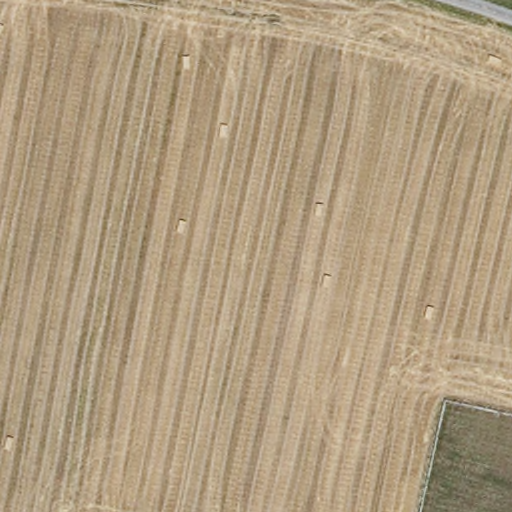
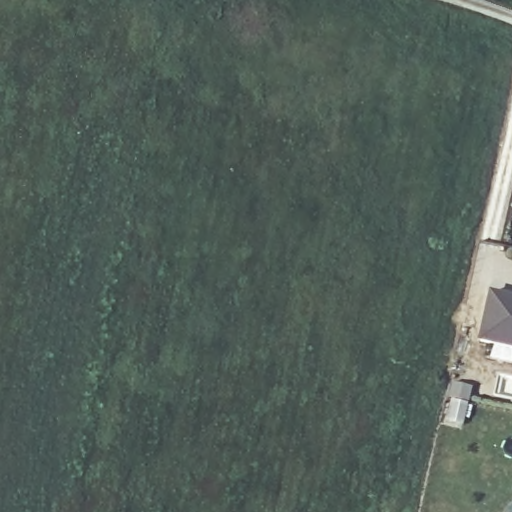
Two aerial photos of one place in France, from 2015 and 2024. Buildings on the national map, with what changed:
new [(512,300),(512,365),(484,359),(487,344),(477,342),(487,294),(512,300)]

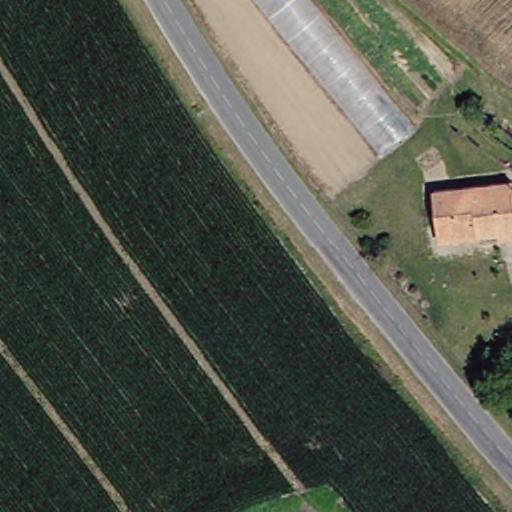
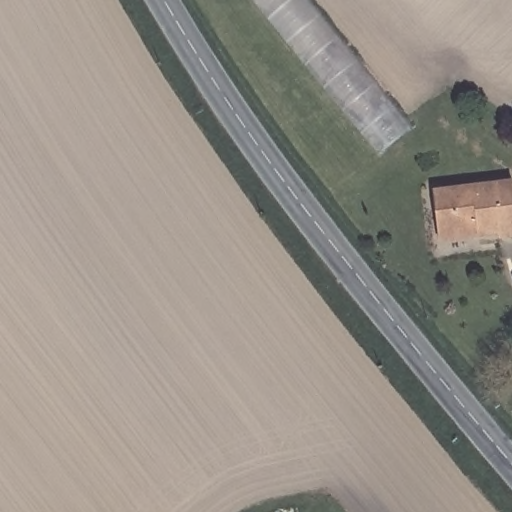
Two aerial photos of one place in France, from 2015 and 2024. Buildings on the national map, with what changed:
unchanged [(312,0),(415,125),(379,154),(253,0),(312,0)]
unchanged [(442,224),(440,190),(512,185),(512,234),(504,235),(503,229),(482,231),(443,233),(442,224)]

EXERCISE
The pictures in the data should be omitted, and every remaining line set down exactly.

TASK RESULT
Two aerial photos of one place in France, from 2015 and 2024. Buildings on the national map, with what changed:
new [(512,300),(512,365),(484,359),(487,344),(477,342),(487,294),(512,300)]

Two aerial photos of one place in France, from 2015 and 2024. Buildings on the national map, with what changed:
unchanged [(312,0),(415,125),(379,154),(253,0),(312,0)]
unchanged [(442,224),(440,190),(512,185),(512,234),(504,235),(503,229),(482,231),(443,233),(442,224)]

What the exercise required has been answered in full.